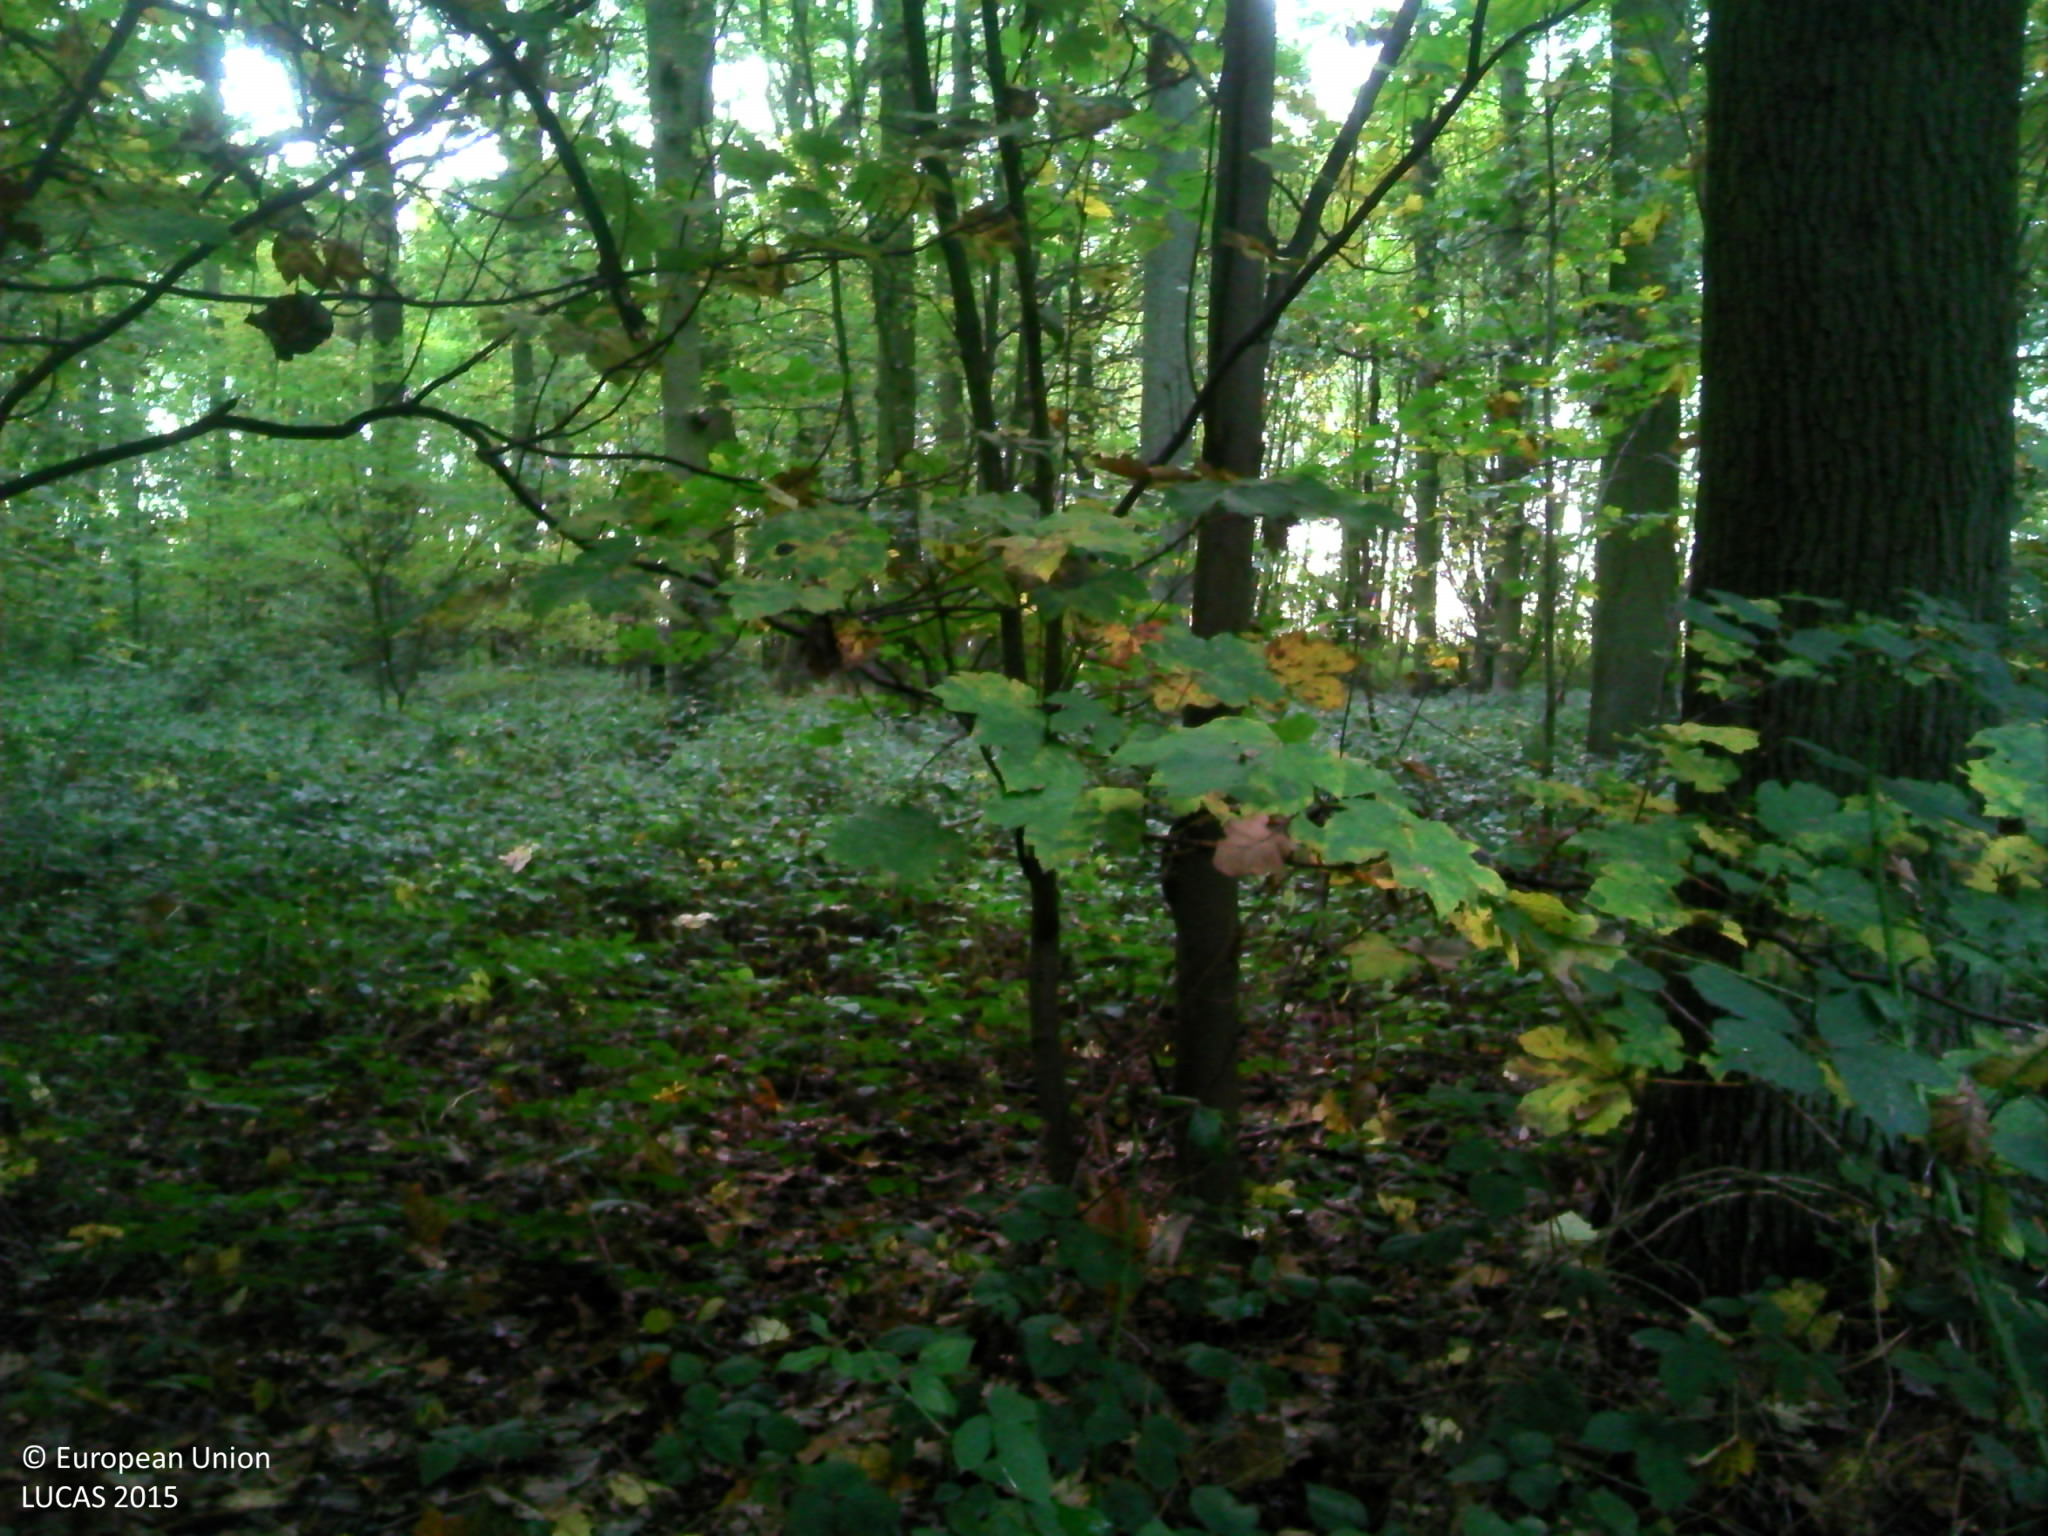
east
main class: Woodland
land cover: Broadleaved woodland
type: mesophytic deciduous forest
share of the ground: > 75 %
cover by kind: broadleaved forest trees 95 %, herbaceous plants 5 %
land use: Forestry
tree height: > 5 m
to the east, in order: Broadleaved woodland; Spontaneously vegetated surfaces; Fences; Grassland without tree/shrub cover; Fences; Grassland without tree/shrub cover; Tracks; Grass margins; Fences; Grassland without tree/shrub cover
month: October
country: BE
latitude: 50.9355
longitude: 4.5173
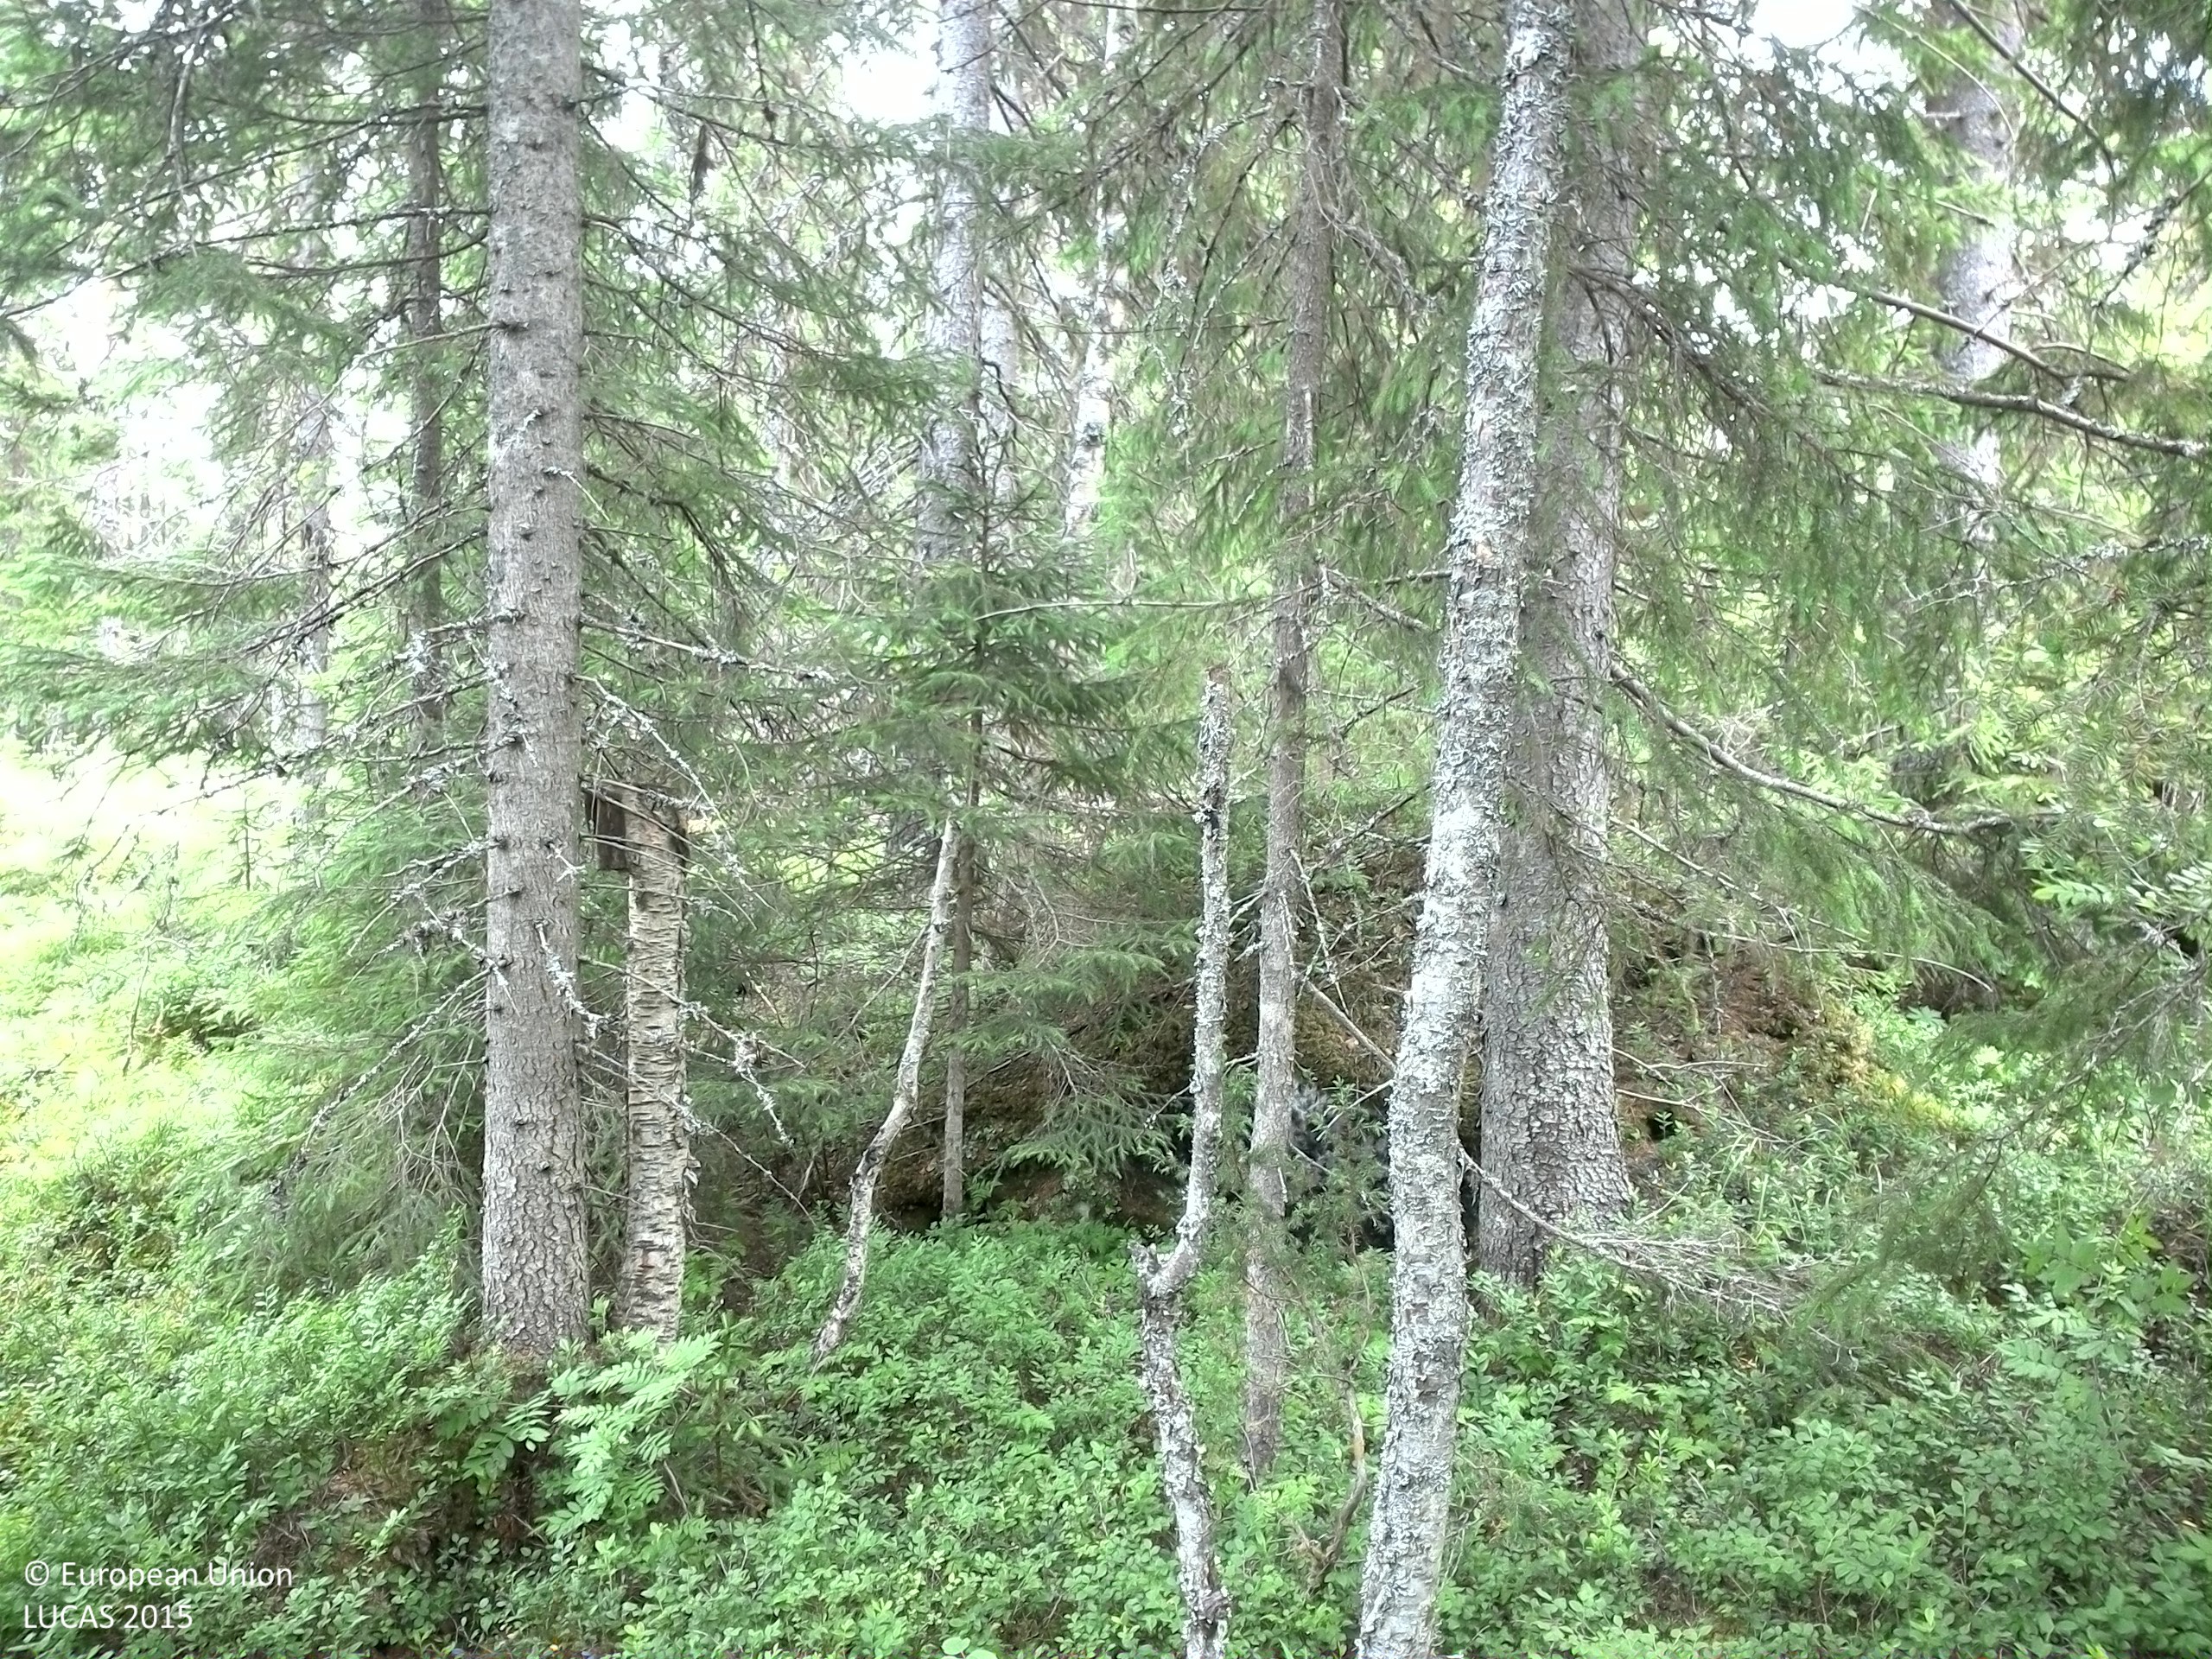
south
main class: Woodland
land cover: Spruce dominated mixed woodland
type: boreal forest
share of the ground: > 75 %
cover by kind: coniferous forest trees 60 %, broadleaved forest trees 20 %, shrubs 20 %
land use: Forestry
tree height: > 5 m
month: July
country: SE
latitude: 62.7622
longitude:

★ ★ ★

▸ **Requirement**: Give again exactly the lines from the one holding "to the east, in" to the final line of the records, both ends included; any pictures stay out.

▸ **Exercise response**:
to the east, in order: Broadleaved woodland; Spontaneously vegetated surfaces; Fences; Grassland without tree/shrub cover; Fences; Grassland without tree/shrub cover; Tracks; Grass margins; Fences; Grassland without tree/shrub cover
month: October
country: BE
latitude: 50.9355
longitude: 4.5173
south
main class: Woodland
land cover: Spruce dominated mixed woodland
type: boreal forest
share of the ground: > 75 %
cover by kind: coniferous forest trees 60 %, broadleaved forest trees 20 %, shrubs 20 %
land use: Forestry
tree height: > 5 m
month: July
country: SE
latitude: 62.7622
longitude:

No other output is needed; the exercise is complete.